___ Data for processing ___

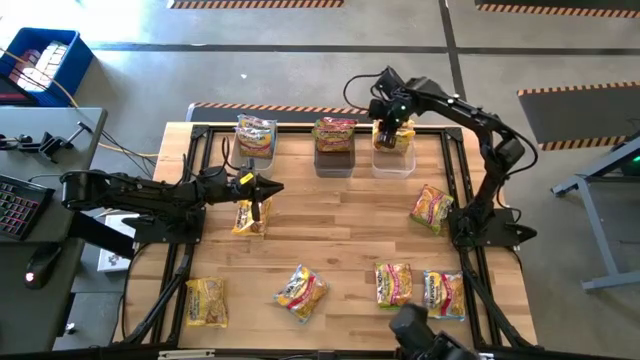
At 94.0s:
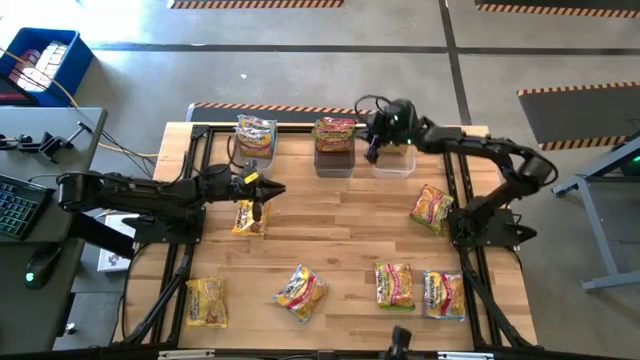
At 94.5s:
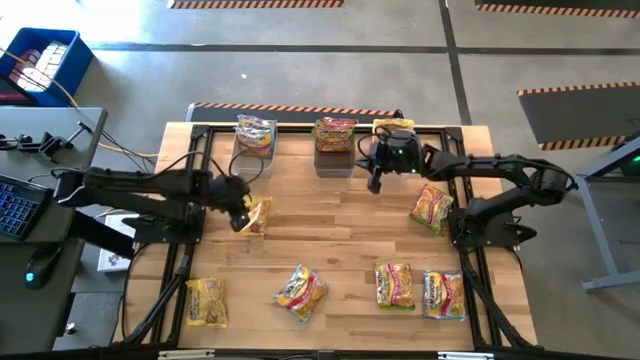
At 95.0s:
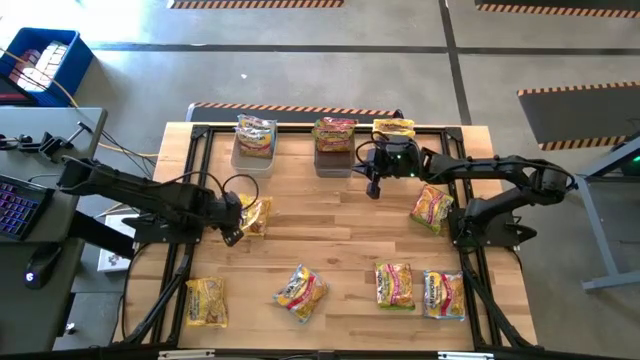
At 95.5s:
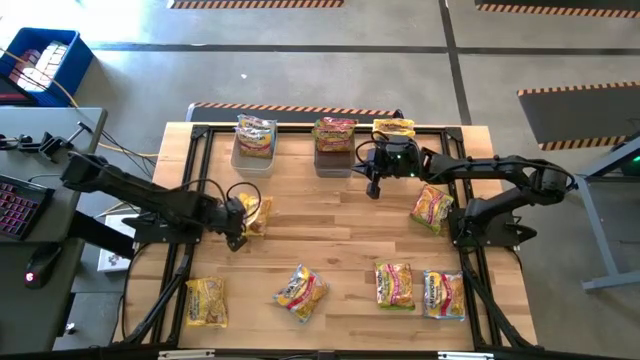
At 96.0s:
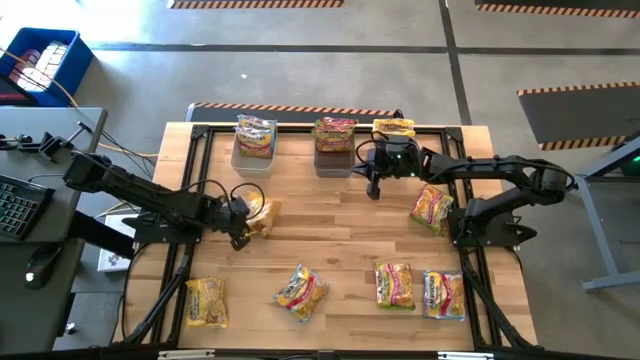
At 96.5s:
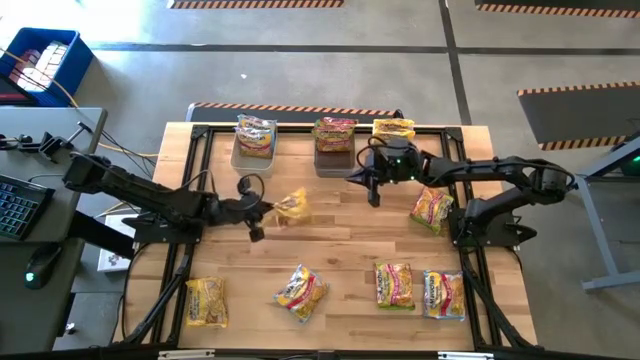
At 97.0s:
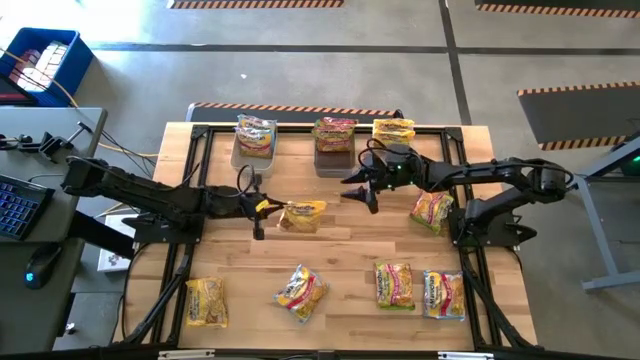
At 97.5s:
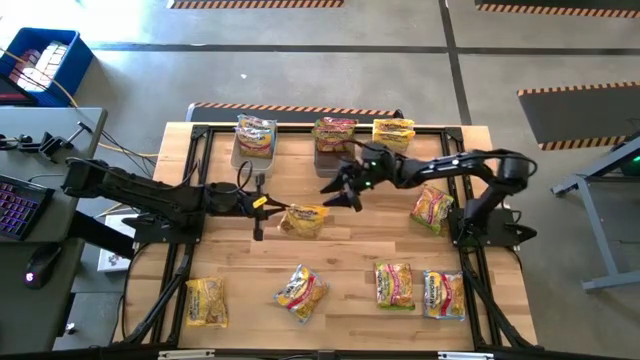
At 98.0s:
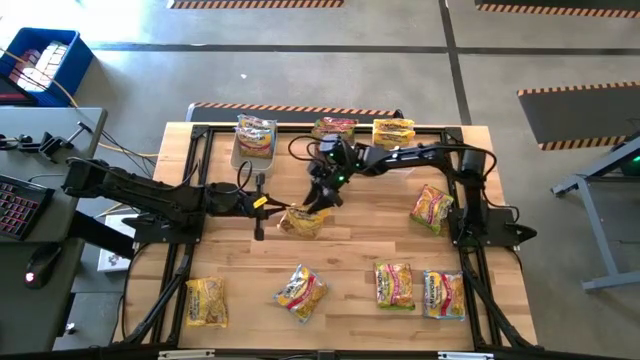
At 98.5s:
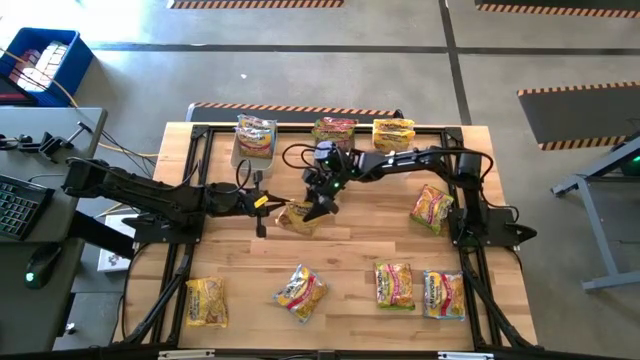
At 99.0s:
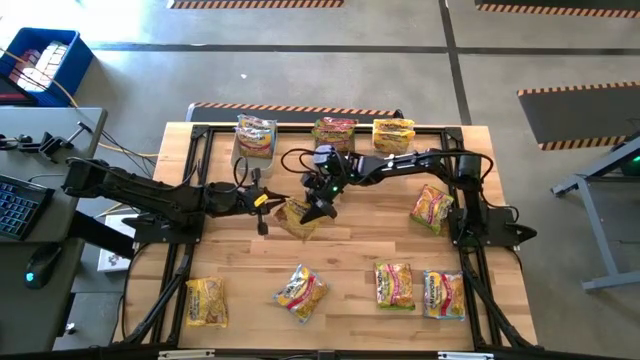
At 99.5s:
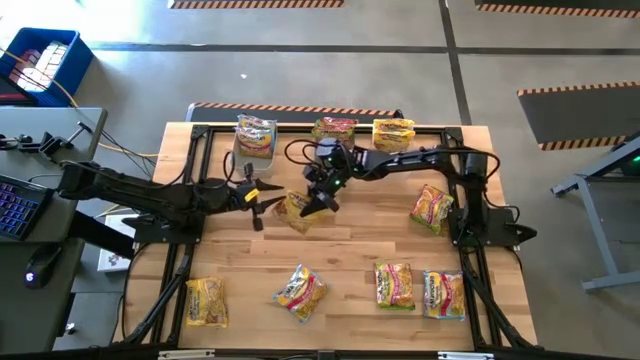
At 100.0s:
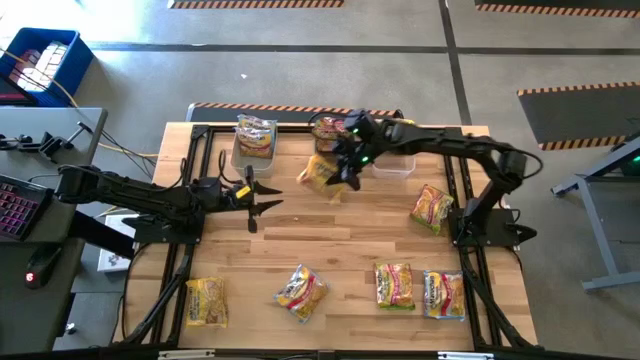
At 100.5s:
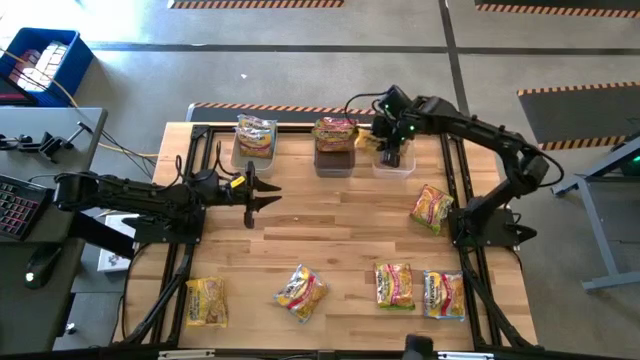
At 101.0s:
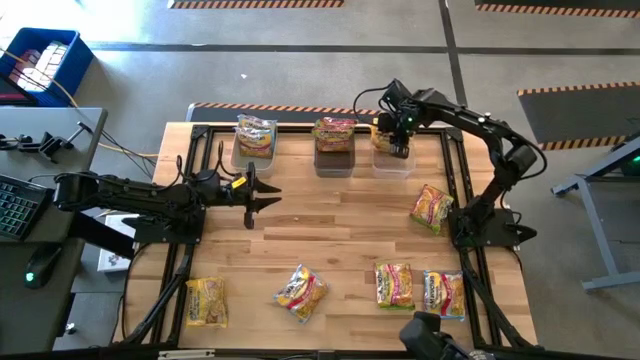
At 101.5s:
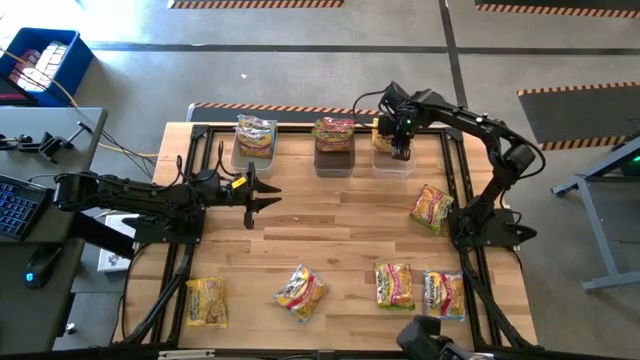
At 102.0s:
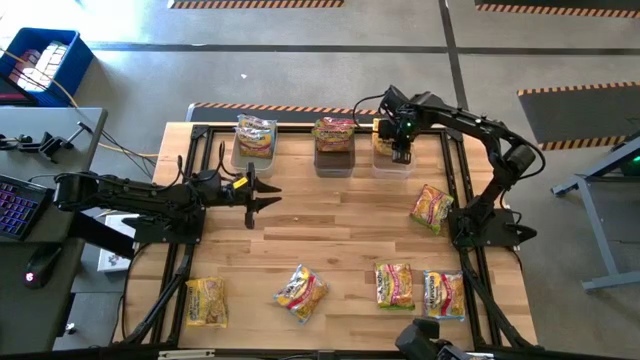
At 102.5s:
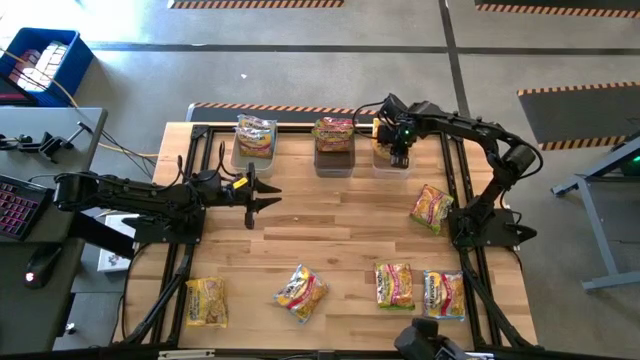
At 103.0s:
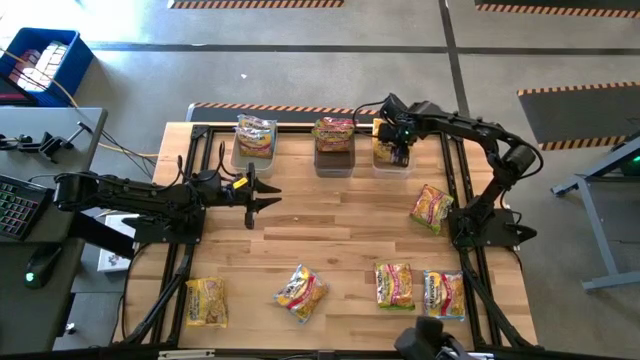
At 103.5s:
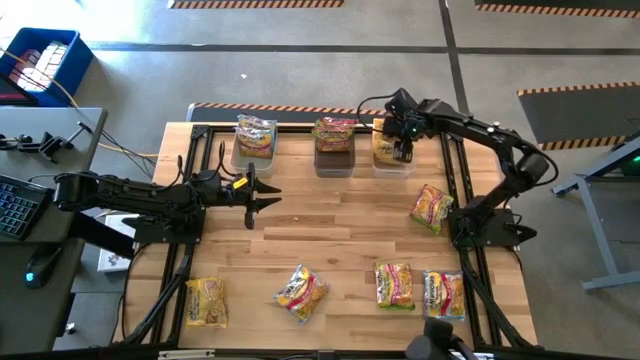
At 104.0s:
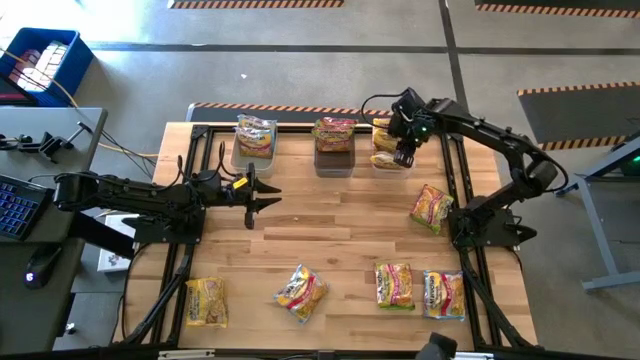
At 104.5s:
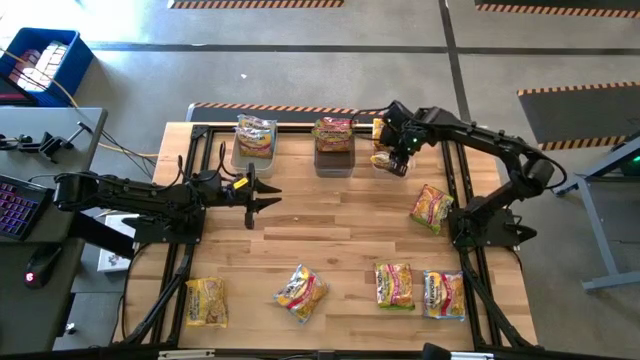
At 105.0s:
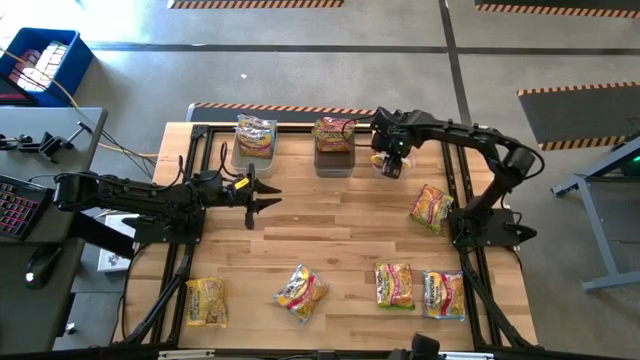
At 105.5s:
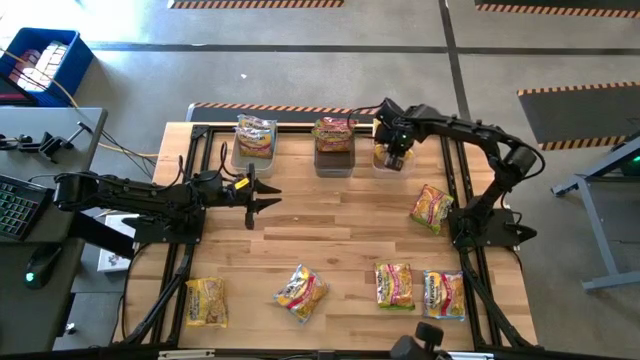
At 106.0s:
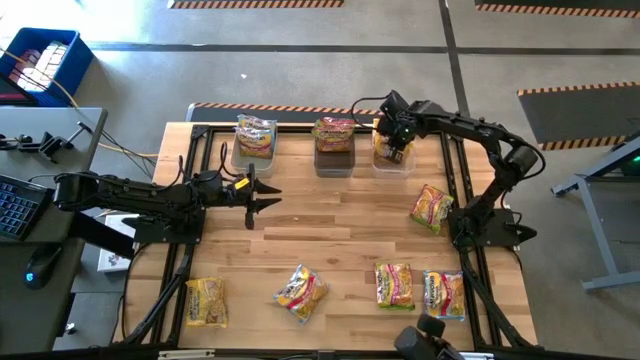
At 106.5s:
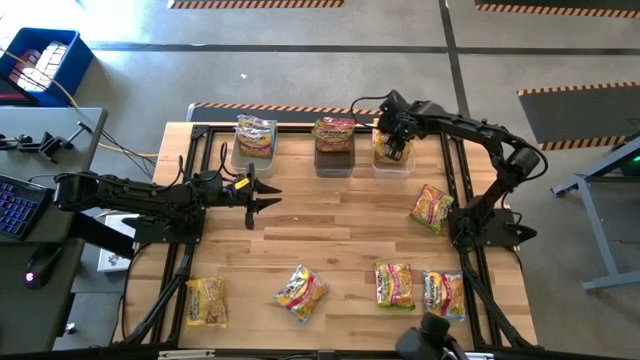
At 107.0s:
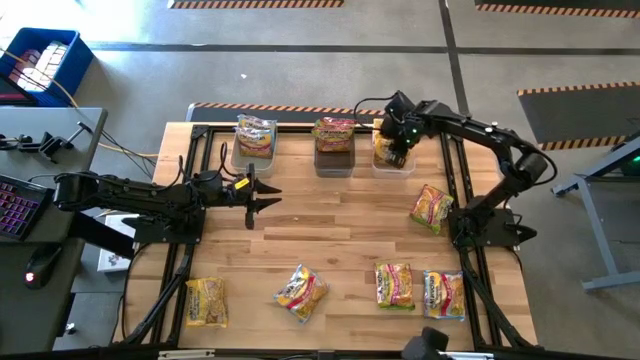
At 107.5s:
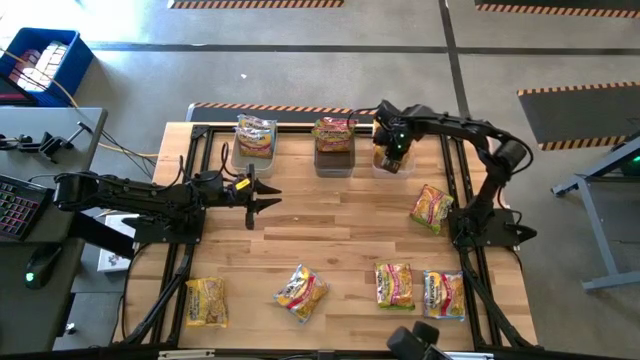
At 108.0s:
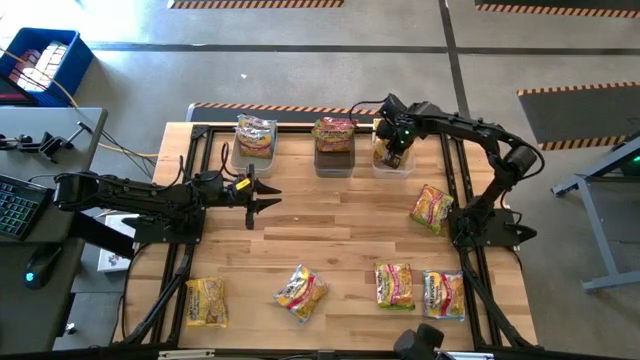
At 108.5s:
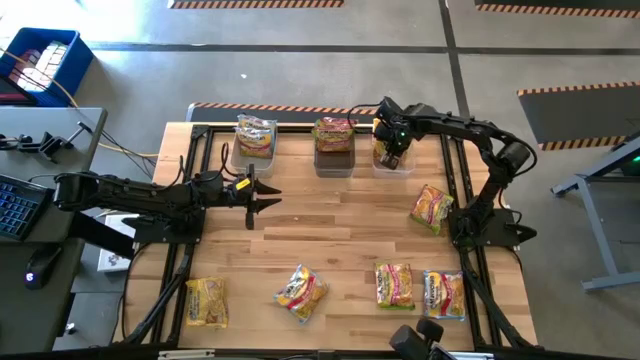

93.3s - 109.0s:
Task: Sort Maruchan noodles
Put the yellow noodle pack into the transparent bin

___

What the task requires
Transcribe all the records above word for word, without their images.

Expected output
At 94.0s:
At 94.5s:
At 95.0s:
At 95.5s:
At 96.0s:
At 96.5s:
At 97.0s:
At 97.5s:
At 98.0s:
At 98.5s:
At 99.0s:
At 99.5s:
At 100.0s:
At 100.5s:
At 101.0s:
At 101.5s:
At 102.0s:
At 102.5s:
At 103.0s:
At 103.5s:
At 104.0s:
At 104.5s:
At 105.0s:
At 105.5s:
At 106.0s:
At 106.5s:
At 107.0s:
At 107.5s:
At 108.0s:
At 108.5s:

93.3s - 109.0s:
Task: Sort Maruchan noodles
Put the yellow noodle pack into the transparent bin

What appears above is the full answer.